The report also highlights a breakdown in cabinet government. Blair ran the war operation as though he was a president, not a prime minister. The U.K. cabinet “did not discuss the military options or their implications.”
Instead there was an “assumption that there would be a well-executed U.S.-led and UN-authorised operation in a relatively benign security environment.”
This, to put it mildly, did not prove the case.
Chilcot said Wednesday that “Mr. Blair told the inquiry that the difficulties encountered in Iraq after the invasion could not have been known in advance. We do not agree that hindsight is required.”
On the contrary, “The risks of internal strife in Iraq, active Iranian pursuit of its interests, regional instability, and al Qaida activity in Iraq, were each explicitly identified before the invasion.” Moreover, “Ministers were aware of the inadequacy of U.S. plans.”
Having broken Iraq, the occupying coalition forces now owned it. But “the scale of the U.K. effort in post-conflict Iraq never matched the scale of the challenge. Whitehall departments and their ministers failed to put their collective weight behind the task.”
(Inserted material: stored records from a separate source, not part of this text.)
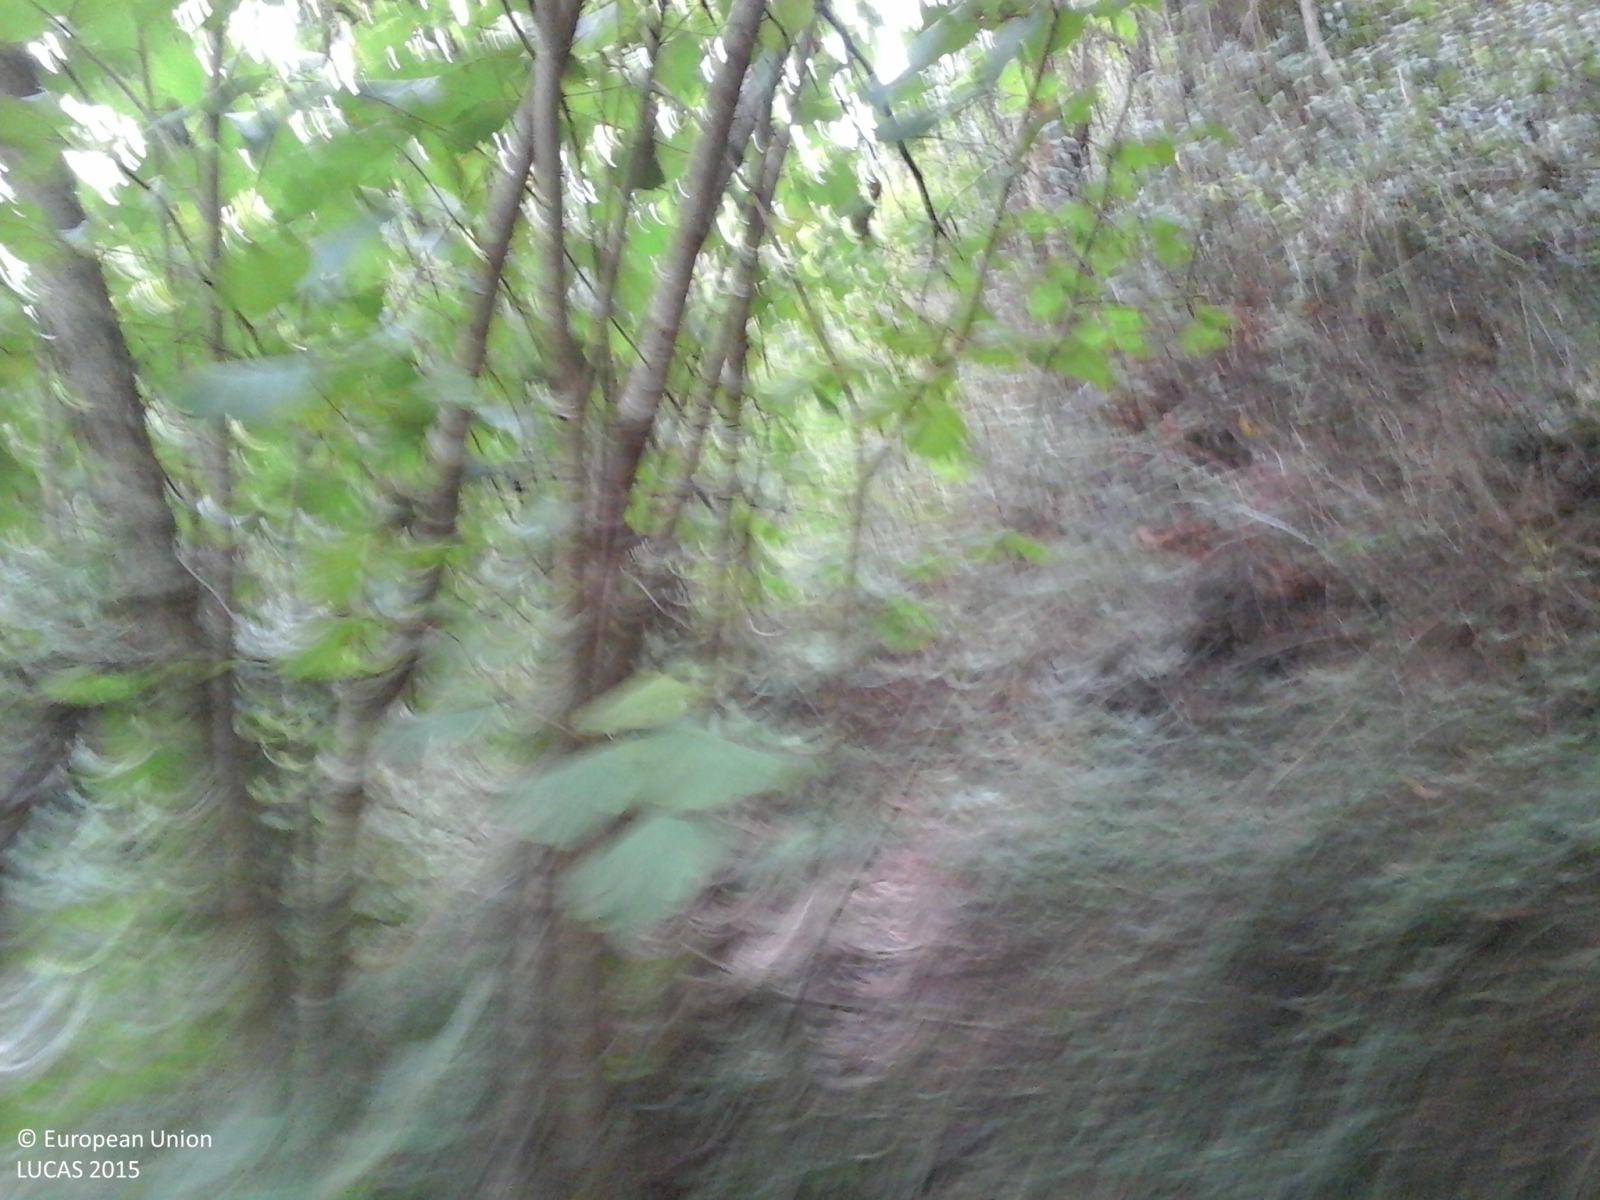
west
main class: Woodland
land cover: Broadleaved woodland
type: thermophilous deciduous forest
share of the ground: > 75 %
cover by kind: broadleaved forest trees 100 %
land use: Forestry
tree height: > 5 m
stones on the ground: 25 - 50 %
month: September
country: IT
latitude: 44.3666
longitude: 9.3615
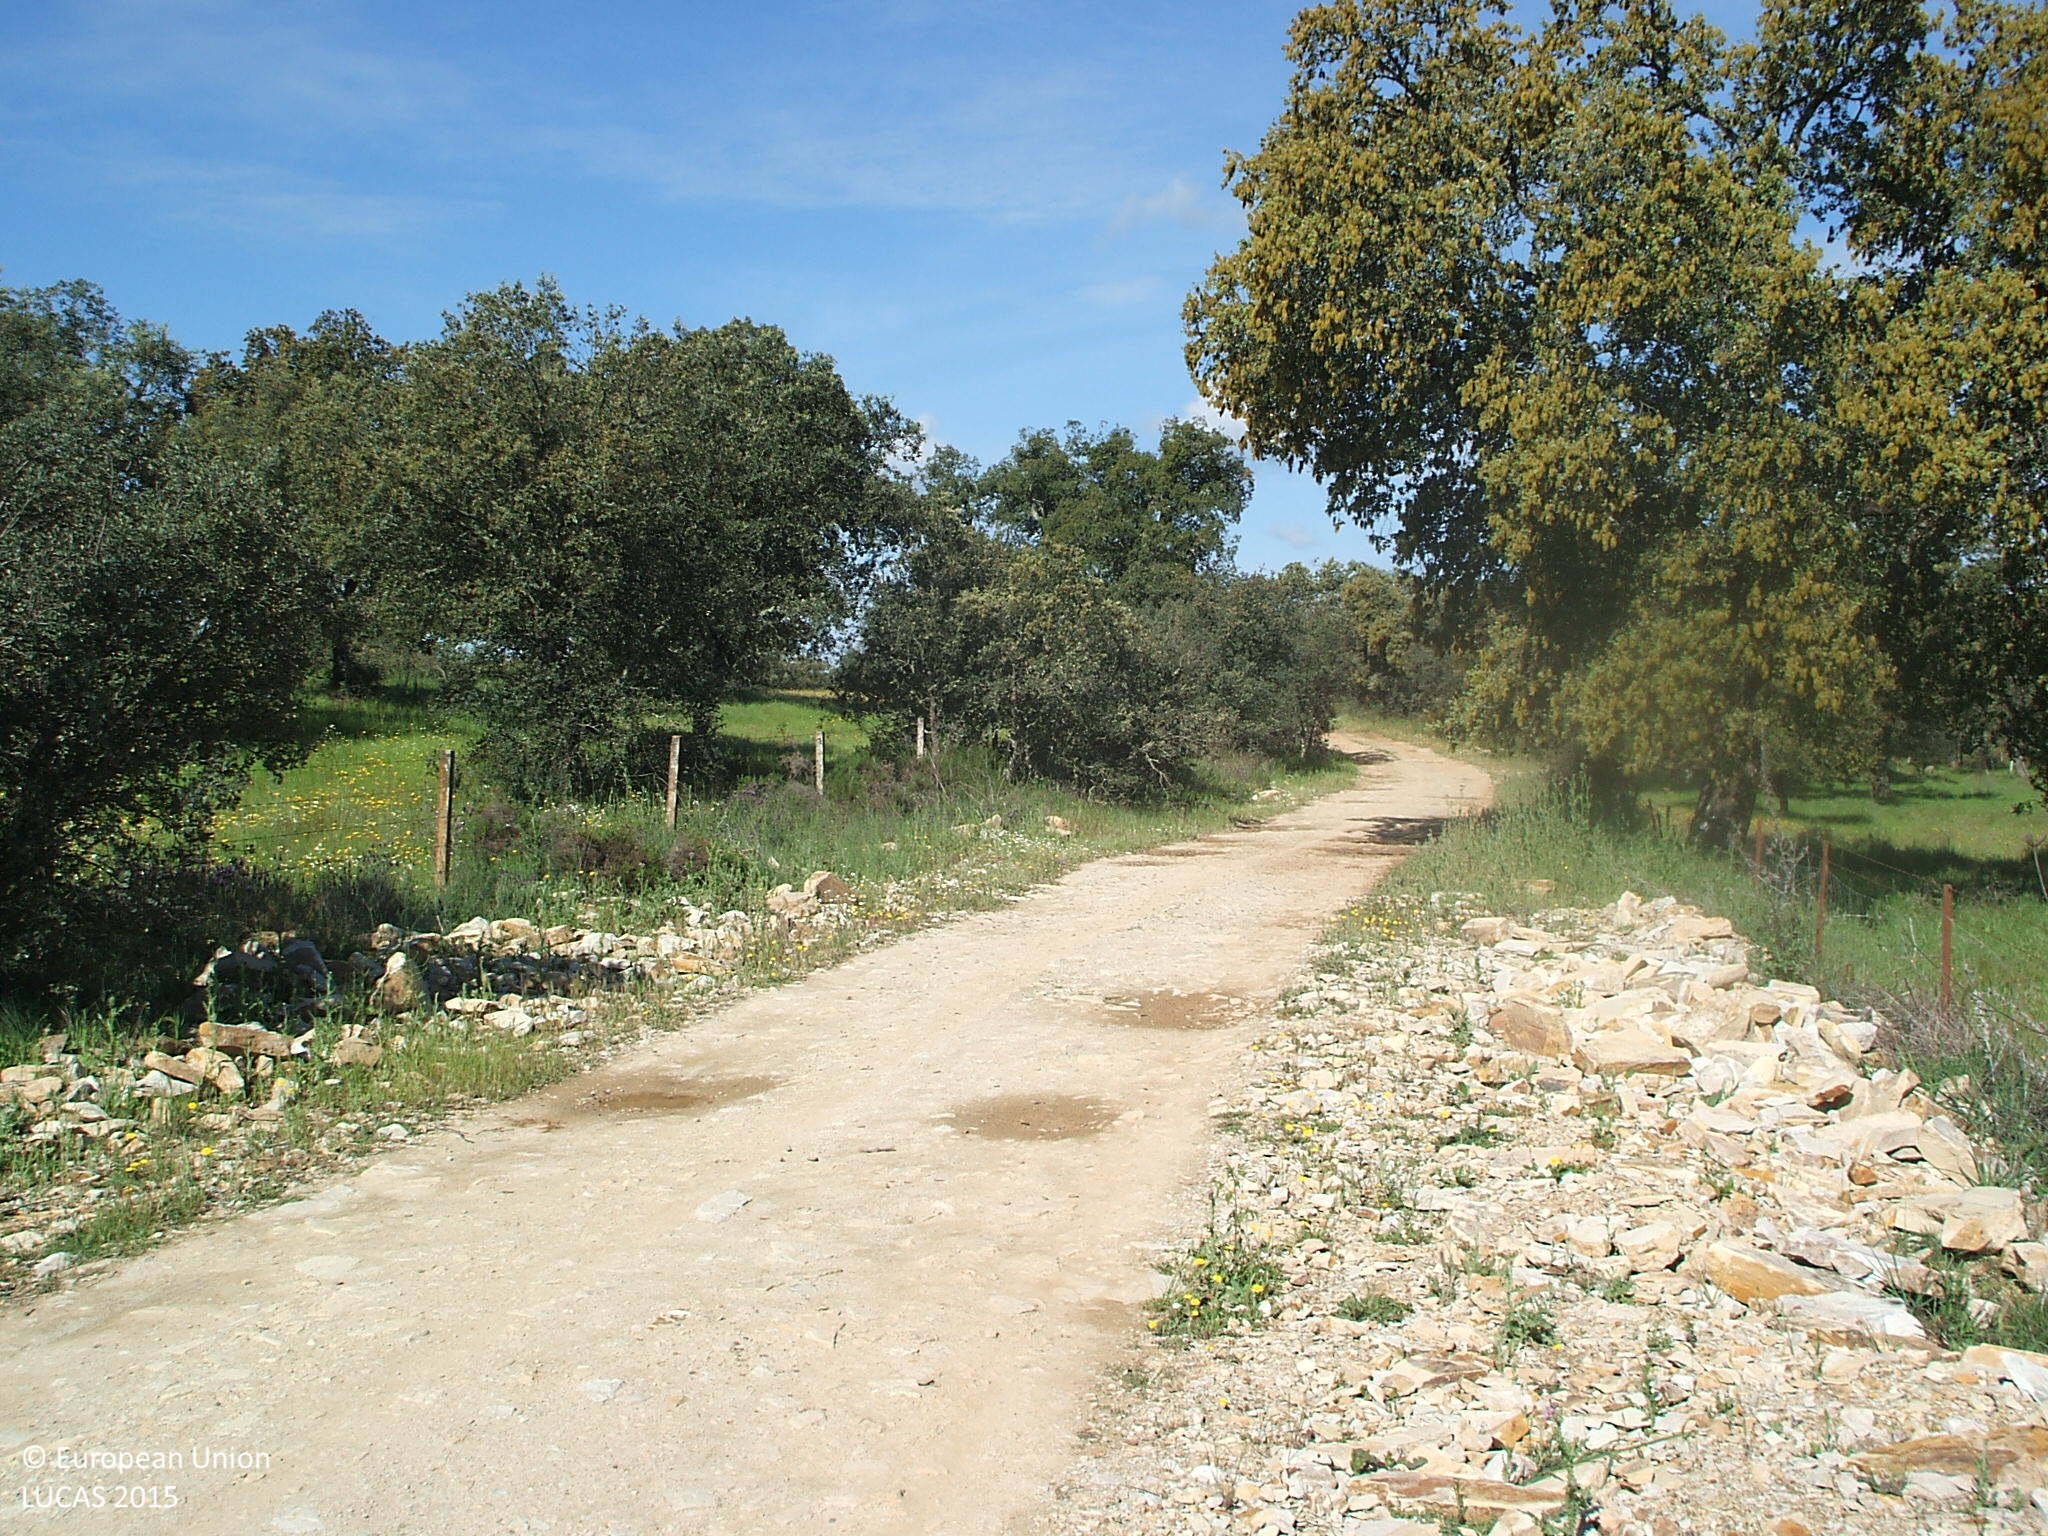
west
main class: Woodland
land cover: Broadleaved woodland
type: broadleaved evergreen forest
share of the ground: 25 - 50 %
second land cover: Grassland without tree/shrub cover
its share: > 75 %
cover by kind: herbaceous plants 75 %, broadleaved forest trees 25 %
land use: Forestry
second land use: Agriculture (excluding fallow land and kitchen gardens)
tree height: > 5 m
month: April
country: ES
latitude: 38.0136
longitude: -5.6221

If much attention has hitherto been preoccupied with the case for and run-up to the war, the bulk of Chilcot’s report examines the sorry history of the failure of the post-war occupation. In a devastating judgment, Chilcot concludes that, “In practice, the U.K.’s most consistent strategic objective in relation to Iraq was to reduce the level of its deployed forces.”
In those circumstances, defeat begins to seem inevitable. The British army was, functionally speaking, defeated in the field in Basra, reduced to making squalid deals with the leaders of Iraqi militias to preserve even a fig-leaf of normality and peace in the city. This, Chilcot argues, was “humiliating.”
Hence the understatement of the year, that “The U.K. military role in Iraq ended a very long way from success.”
Undaunted, Blair insisted on Wednesday that the report, while cataloguing the mistakes made, exonerated him from charges he lied to parliament and to the British people. But this official verdict on his record on the biggest issue of all, the one that would define his time in office, is as withering as it is damning, as grim as it is exhaustive.
The cost of Blair’s folly, as measured in blood and treasure, was astonishing. This was a war of choice in which almost all the choices taken were made on the back of shoddy intelligence, wishful thinking, and a determined attempt to avoid looking reality in the face.
It leaves Blair’s reputation in ruins and, more gravely, will be remembered—even by those who initially supported the war—as a grievous stain on Britain’s post-WWII record.